Ozona Air Force Station (ADC ID: TM-187) is a closed United States Air Force General Surveillance Radar station.  It is located  east of Ozona, Texas.  It was closed in 1963.

History
Ozona Air Force Station came into existence as part of Phase III of the Air Defense Command Mobile Radar program. On October 20, 1953 ADC requested a third phase of twenty-five radar sites be constructed.  Ozona Was The Top 30 Air Force Stations.

The 732d Aircraft Control and Warning Squadron was assigned to Oznoma AFS by the 33d Air Division on 8 November 1956.  It began operating an AN/FPS-3 search radar and an AN/FPS-6 height-finder radar at the station, and initially the station functioned as a Ground-Control Intercept (GCI) and warning station.  As a GCI station, the squadron's role was to guide interceptor aircraft toward unidentified intruders picked up on the unit's radar scopes.

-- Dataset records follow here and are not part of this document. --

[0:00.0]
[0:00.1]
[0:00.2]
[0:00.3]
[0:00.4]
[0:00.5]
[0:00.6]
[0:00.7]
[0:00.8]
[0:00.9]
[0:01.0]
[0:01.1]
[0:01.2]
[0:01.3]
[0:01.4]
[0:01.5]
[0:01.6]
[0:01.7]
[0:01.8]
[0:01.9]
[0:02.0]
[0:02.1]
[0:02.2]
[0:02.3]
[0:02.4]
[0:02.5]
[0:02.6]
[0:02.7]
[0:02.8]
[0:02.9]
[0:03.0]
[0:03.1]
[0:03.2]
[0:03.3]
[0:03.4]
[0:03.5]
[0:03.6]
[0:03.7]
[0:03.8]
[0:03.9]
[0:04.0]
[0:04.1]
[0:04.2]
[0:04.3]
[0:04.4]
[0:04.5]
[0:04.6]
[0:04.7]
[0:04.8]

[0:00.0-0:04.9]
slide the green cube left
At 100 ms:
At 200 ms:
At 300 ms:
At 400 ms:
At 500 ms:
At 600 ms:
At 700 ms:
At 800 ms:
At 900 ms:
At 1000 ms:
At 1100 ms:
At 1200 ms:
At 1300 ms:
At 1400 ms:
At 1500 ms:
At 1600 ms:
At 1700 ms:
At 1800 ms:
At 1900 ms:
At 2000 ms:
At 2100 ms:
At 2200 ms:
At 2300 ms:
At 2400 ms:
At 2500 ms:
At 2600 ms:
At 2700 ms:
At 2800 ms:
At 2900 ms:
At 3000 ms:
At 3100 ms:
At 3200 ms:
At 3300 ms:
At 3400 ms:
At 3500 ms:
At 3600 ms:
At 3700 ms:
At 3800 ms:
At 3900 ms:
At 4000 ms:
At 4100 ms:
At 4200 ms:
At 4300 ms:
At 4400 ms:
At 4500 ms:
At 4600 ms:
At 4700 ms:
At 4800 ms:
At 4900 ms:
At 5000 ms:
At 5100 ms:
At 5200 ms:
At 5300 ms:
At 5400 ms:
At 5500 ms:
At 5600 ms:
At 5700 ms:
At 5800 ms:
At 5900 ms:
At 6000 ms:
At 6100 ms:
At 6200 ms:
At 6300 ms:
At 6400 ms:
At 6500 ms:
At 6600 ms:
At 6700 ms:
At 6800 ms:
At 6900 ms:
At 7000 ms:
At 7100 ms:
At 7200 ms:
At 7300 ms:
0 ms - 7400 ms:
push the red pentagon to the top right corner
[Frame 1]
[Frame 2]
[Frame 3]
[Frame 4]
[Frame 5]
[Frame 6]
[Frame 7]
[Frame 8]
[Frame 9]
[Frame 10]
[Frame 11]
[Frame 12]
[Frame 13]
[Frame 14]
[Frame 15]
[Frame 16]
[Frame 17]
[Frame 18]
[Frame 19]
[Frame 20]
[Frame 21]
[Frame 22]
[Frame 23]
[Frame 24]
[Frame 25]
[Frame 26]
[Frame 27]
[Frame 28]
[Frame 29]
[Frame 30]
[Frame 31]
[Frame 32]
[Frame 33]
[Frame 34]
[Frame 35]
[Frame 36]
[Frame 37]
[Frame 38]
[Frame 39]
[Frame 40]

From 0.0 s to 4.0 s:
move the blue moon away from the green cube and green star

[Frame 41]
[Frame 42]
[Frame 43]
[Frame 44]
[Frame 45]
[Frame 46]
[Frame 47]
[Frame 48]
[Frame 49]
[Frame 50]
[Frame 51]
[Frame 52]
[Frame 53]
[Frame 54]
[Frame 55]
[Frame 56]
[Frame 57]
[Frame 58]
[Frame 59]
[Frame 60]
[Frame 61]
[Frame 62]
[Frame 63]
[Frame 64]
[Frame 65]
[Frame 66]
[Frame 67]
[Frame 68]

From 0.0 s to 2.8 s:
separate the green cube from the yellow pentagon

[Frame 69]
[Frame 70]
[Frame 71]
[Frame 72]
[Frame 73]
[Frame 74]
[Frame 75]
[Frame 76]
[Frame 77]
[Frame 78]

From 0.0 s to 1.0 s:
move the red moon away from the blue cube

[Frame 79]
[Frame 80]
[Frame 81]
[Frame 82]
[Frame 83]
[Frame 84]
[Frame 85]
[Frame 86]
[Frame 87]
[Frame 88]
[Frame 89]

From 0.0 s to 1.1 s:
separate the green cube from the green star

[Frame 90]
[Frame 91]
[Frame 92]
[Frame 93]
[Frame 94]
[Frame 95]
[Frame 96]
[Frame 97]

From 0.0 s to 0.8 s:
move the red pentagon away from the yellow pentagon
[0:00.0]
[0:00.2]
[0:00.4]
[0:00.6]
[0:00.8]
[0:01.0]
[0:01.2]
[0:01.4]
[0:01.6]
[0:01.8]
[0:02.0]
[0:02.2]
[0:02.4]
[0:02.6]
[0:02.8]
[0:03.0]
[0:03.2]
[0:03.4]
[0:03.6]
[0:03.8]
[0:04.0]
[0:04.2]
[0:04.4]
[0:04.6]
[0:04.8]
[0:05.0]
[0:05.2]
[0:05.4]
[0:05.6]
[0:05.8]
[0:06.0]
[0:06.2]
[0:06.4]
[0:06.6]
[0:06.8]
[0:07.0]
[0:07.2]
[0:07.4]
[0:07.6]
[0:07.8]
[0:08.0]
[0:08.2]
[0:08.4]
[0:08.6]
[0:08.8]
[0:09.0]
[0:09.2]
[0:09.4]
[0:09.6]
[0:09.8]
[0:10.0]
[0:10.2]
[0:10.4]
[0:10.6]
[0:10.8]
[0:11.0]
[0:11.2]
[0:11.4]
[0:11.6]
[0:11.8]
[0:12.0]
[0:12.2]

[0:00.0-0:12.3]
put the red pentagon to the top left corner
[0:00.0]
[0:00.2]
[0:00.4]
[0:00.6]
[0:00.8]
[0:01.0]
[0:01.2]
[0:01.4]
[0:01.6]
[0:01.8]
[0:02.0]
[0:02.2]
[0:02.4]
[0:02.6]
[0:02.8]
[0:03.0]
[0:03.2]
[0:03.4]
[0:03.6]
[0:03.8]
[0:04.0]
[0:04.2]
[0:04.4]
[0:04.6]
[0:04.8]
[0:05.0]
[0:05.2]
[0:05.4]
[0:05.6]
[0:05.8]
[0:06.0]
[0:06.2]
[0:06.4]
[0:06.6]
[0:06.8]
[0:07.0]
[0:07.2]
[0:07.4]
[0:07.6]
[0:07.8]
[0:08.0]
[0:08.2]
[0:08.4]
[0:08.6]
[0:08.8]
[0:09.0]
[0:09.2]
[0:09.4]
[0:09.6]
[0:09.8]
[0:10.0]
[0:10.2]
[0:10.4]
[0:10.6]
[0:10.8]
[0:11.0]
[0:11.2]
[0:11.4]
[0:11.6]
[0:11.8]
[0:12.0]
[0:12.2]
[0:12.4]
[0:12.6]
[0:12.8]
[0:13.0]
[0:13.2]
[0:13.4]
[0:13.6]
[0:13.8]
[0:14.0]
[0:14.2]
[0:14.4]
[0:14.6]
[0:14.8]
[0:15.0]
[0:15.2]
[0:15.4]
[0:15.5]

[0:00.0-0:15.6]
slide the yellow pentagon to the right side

In addition to the main facility, Ozona operated several AN/FPS-14 Gap Filler sites:
 McCamey, TX     (TM-187A): 
 Comstock, TX    (TM-187B): 

Ozona was closed in 1963 due to budget reductions. Operations ceased on 1 August 1963 and the squadron was discontinued.  Today, what was Ozona Air Force Station is privately owned. The station is abandoned, the remaining buildings are frozen in time complete with electrical wires connected to substation which no longer remains.   Most of the buildings that remain are in a very deteriorated condition.  The former Air Force housing area is in use as single family residences, now called "Crockett Heights". Family's that live in "Crockett Heights" are currently living in old houses that the Military used as the barracks/houses. The houses residences live in, are rebuilt, and are in a perfect condition.

Ozona AFS most important mission was during the Cuban Missile Crisis.  Its Radars and radio were used to keep track of the U2's being flown out of Laughlin AFB on their flights over Cuba.  The crisis delayed closing the base for another year.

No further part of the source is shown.